Task requirements: Look below for the line holding "#2037=CARTESIAN_POINT('Vertex',(7.4,3.9,25.684)) ;" and the line holding "#2079=CARTESIAN_POINT('Control Point',(2.126,0.828,25.684)) ;". Transcribe exactly those lines and all lines between them, nothing more.

Record extracts:
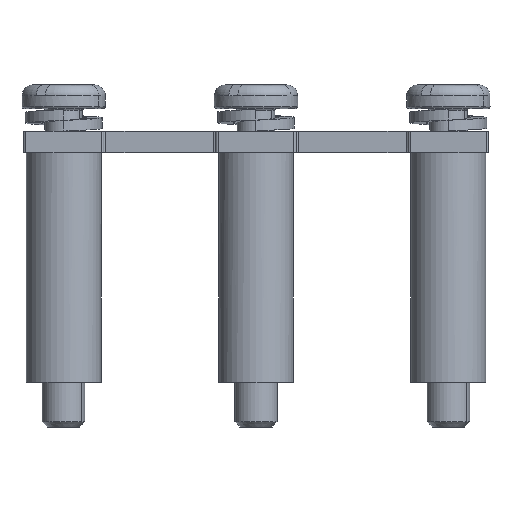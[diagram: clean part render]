
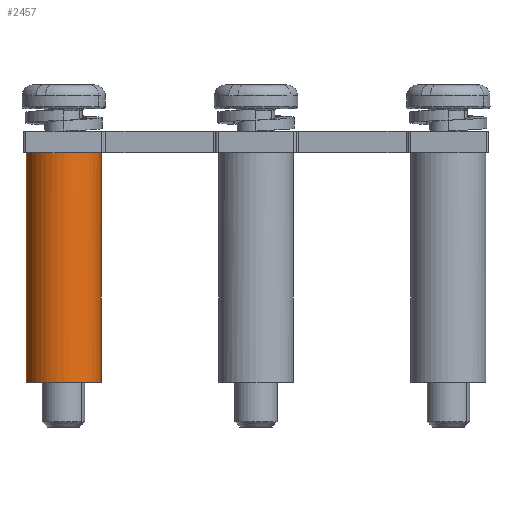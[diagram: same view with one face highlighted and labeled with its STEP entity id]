
A CAD part, front view. The second image highlights one B-rep face of the part: STEP entity #2457.
In plain terms, the highlighted cylindrical face has radius 3.5 mm (diameter 7 mm), a partial arc.
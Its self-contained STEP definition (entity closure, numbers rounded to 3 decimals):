
#2418=AXIS2_PLACEMENT_3D('Cylinder Axis2P3D',#2415,#2416,#2417) ;
#2446=AXIS2_PLACEMENT_3D('Circle Axis2P3D',#2444,#2445,$) ;
#2025=CARTESIAN_POINT('Control Point',(7.4,3.9,25.684)) ;
#2026=CARTESIAN_POINT('Control Point',(7.4,3.533,25.684)) ;
#2027=CARTESIAN_POINT('Control Point',(7.352,3.167,25.684)) ;
#2028=CARTESIAN_POINT('Control Point',(7.256,2.809,25.684)) ;
#2029=CARTESIAN_POINT('Control Point',(6.972,2.126,25.684)) ;
#2030=CARTESIAN_POINT('Control Point',(6.523,1.539,25.684)) ;
#2031=CARTESIAN_POINT('Control Point',(6.26,1.276,25.684)) ;
#2032=CARTESIAN_POINT('Control Point',(5.673,0.827,25.684)) ;
#2033=CARTESIAN_POINT('Control Point',(4.991,0.544,25.684)) ;
#2034=CARTESIAN_POINT('Control Point',(4.633,0.448,25.684)) ;
#2035=CARTESIAN_POINT('Control Point',(4.266,0.4,25.684)) ;
#2036=CARTESIAN_POINT('Control Point',(3.9,0.4,25.684)) ;
#2037=CARTESIAN_POINT('Vertex',(7.4,3.9,25.684)) ;
#2039=CARTESIAN_POINT('Vertex',(3.9,0.4,25.684)) ;
#2071=CARTESIAN_POINT('Vertex',(0.4,3.9,25.684)) ;
#2075=CARTESIAN_POINT('Control Point',(3.9,0.4,25.684)) ;
#2076=CARTESIAN_POINT('Control Point',(3.533,0.4,25.684)) ;
#2077=CARTESIAN_POINT('Control Point',(3.167,0.448,25.684)) ;
#2078=CARTESIAN_POINT('Control Point',(2.809,0.544,25.684)) ;
#2079=CARTESIAN_POINT('Control Point',(2.126,0.828,25.684)) ;
#2080=CARTESIAN_POINT('Control Point',(1.539,1.277,25.684)) ;
#2081=CARTESIAN_POINT('Control Point',(1.276,1.54,25.684)) ;
#2082=CARTESIAN_POINT('Control Point',(0.827,2.127,25.684)) ;
#2083=CARTESIAN_POINT('Control Point',(0.544,2.809,25.684)) ;
#2084=CARTESIAN_POINT('Control Point',(0.448,3.167,25.684)) ;
#2085=CARTESIAN_POINT('Control Point',(0.4,3.534,25.684)) ;
#2086=CARTESIAN_POINT('Control Point',(0.4,3.9,25.684)) ;
#2415=CARTESIAN_POINT('Axis2P3D Location',(3.9,3.9,25.684)) ;
#2420=CARTESIAN_POINT('Line Origine',(7.4,3.9,25.684)) ;
#2424=CARTESIAN_POINT('Vertex',(7.4,3.9,4.184)) ;
#2427=CARTESIAN_POINT('Line Origine',(0.4,3.9,25.684)) ;
#2431=CARTESIAN_POINT('Vertex',(0.4,3.9,4.184)) ;
#2435=CARTESIAN_POINT('Control Point',(3.9,0.4,4.184)) ;
#2436=CARTESIAN_POINT('Control Point',(2.8,0.4,4.184)) ;
#2437=CARTESIAN_POINT('Control Point',(1.7,0.831,4.184)) ;
#2438=CARTESIAN_POINT('Control Point',(0.831,1.7,4.184)) ;
#2439=CARTESIAN_POINT('Control Point',(0.4,2.8,4.184)) ;
#2440=CARTESIAN_POINT('Control Point',(0.4,3.9,4.184)) ;
#2441=CARTESIAN_POINT('Vertex',(3.9,0.4,4.184)) ;
#2444=CARTESIAN_POINT('Axis2P3D Location',(3.9,3.9,4.184)) ;
#2416=DIRECTION('Axis2P3D Direction',(0.,0.,-1.)) ;
#2417=DIRECTION('Axis2P3D XDirection',(1.,0.,0.)) ;
#2421=DIRECTION('Vector Direction',(0.,0.,-1.)) ;
#2428=DIRECTION('Vector Direction',(0.,0.,-1.)) ;
#2445=DIRECTION('Axis2P3D Direction',(0.,0.,-1.)) ;
#2422=VECTOR('Line Direction',#2421,1.) ;
#2429=VECTOR('Line Direction',#2428,1.) ;
#2450=ORIENTED_EDGE('',*,*,#2426,.T.) ;
#2451=ORIENTED_EDGE('',*,*,#2041,.T.) ;
#2452=ORIENTED_EDGE('',*,*,#2087,.T.) ;
#2453=ORIENTED_EDGE('',*,*,#2433,.T.) ;
#2454=ORIENTED_EDGE('',*,*,#2443,.F.) ;
#2455=ORIENTED_EDGE('',*,*,#2448,.F.) ;
#2457=ADVANCED_FACE('3 WAY Shorting Link STH6',(#2456),#2419,.T.) ;
#2024=B_SPLINE_CURVE_WITH_KNOTS('',5,(#2025,#2026,#2027,#2028,#2029,#2030,#2031,#2032,#2033,#2034,#2035,#2036),.UNSPECIFIED.,.F.,.U.,(6,3,3,6),(0.,2.6,5.199,7.797),.UNSPECIFIED.) ;
#2074=B_SPLINE_CURVE_WITH_KNOTS('',5,(#2075,#2076,#2077,#2078,#2079,#2080,#2081,#2082,#2083,#2084,#2085,#2086),.UNSPECIFIED.,.F.,.U.,(6,3,3,6),(0.,2.6,5.199,7.797),.UNSPECIFIED.) ;
#2434=B_SPLINE_CURVE_WITH_KNOTS('',5,(#2435,#2436,#2437,#2438,#2439,#2440),.UNSPECIFIED.,.F.,.U.,(6,6),(-2.749,2.749),.UNSPECIFIED.) ;
#2447=CIRCLE('generated circle',#2446,3.5) ;
#2419=CYLINDRICAL_SURFACE('generated cylinder',#2418,3.5) ;
#2041=EDGE_CURVE('',#2038,#2040,#2024,.T.) ;
#2087=EDGE_CURVE('',#2040,#2072,#2074,.T.) ;
#2426=EDGE_CURVE('',#2425,#2038,#2423,.F.) ;
#2433=EDGE_CURVE('',#2072,#2432,#2430,.T.) ;
#2443=EDGE_CURVE('',#2442,#2432,#2434,.T.) ;
#2448=EDGE_CURVE('',#2425,#2442,#2447,.T.) ;
#2449=EDGE_LOOP('',(#2450,#2451,#2452,#2453,#2454,#2455)) ;
#2456=FACE_OUTER_BOUND('',#2449,.T.) ;
#2423=LINE('Line',#2420,#2422) ;
#2430=LINE('Line',#2427,#2429) ;
#2038=VERTEX_POINT('',#2037) ;
#2040=VERTEX_POINT('',#2039) ;
#2072=VERTEX_POINT('',#2071) ;
#2425=VERTEX_POINT('',#2424) ;
#2432=VERTEX_POINT('',#2431) ;
#2442=VERTEX_POINT('',#2441) ;
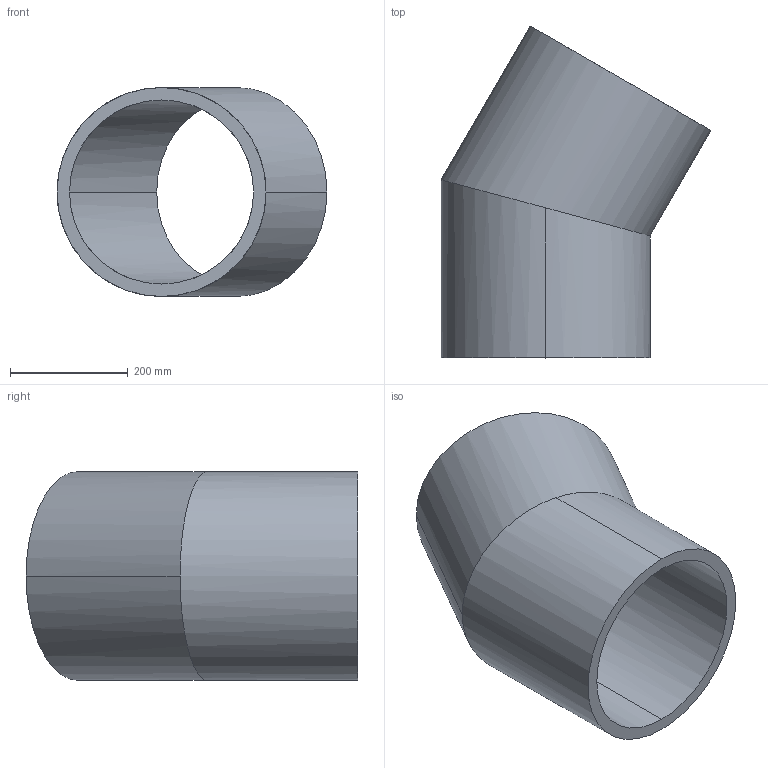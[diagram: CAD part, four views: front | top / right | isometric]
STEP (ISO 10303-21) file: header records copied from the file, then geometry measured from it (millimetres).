
FILE_DESCRIPTION (( 'STEP AP203' ), '1' );
FILE_NAME ('Elbow 30° SDR17 001 115 3027 0355.step', '2019-12-11T06:20:07', ( '' ), ( '' ), 'SwSTEP 2.0', 'SolidWorks 2019', '' );
FILE_SCHEMA (( 'CONFIG_CONTROL_DESIGN' ));
Length unit declared in the file: millimetre
Products named in the file (1): Elbow 30° SDR17 001 115 3027 0355
Bounding box: 458.5 x 563.75 x 355 mm (x, y, z)
Volume: 11268206.6 mm3; surface area: 1112343.3 mm2
Topology: 1 solids, 1 shells, 10 faces, 24 edges, 16 vertices
Faces by surface type: cylinder 8, plane 2
Entity records: 377 total; most frequent: CARTESIAN_POINT 75, ORIENTED_EDGE 48, DIRECTION 46, EDGE_CURVE 24, AXIS2_PLACEMENT_3D 19, VERTEX_POINT 16, EDGE_LOOP 12, ADVANCED_FACE 10

Answer section:
#2037=CARTESIAN_POINT('Vertex',(7.4,3.9,25.684)) ;
#2039=CARTESIAN_POINT('Vertex',(3.9,0.4,25.684)) ;
#2071=CARTESIAN_POINT('Vertex',(0.4,3.9,25.684)) ;
#2075=CARTESIAN_POINT('Control Point',(3.9,0.4,25.684)) ;
#2076=CARTESIAN_POINT('Control Point',(3.533,0.4,25.684)) ;
#2077=CARTESIAN_POINT('Control Point',(3.167,0.448,25.684)) ;
#2078=CARTESIAN_POINT('Control Point',(2.809,0.544,25.684)) ;
#2079=CARTESIAN_POINT('Control Point',(2.126,0.828,25.684)) ;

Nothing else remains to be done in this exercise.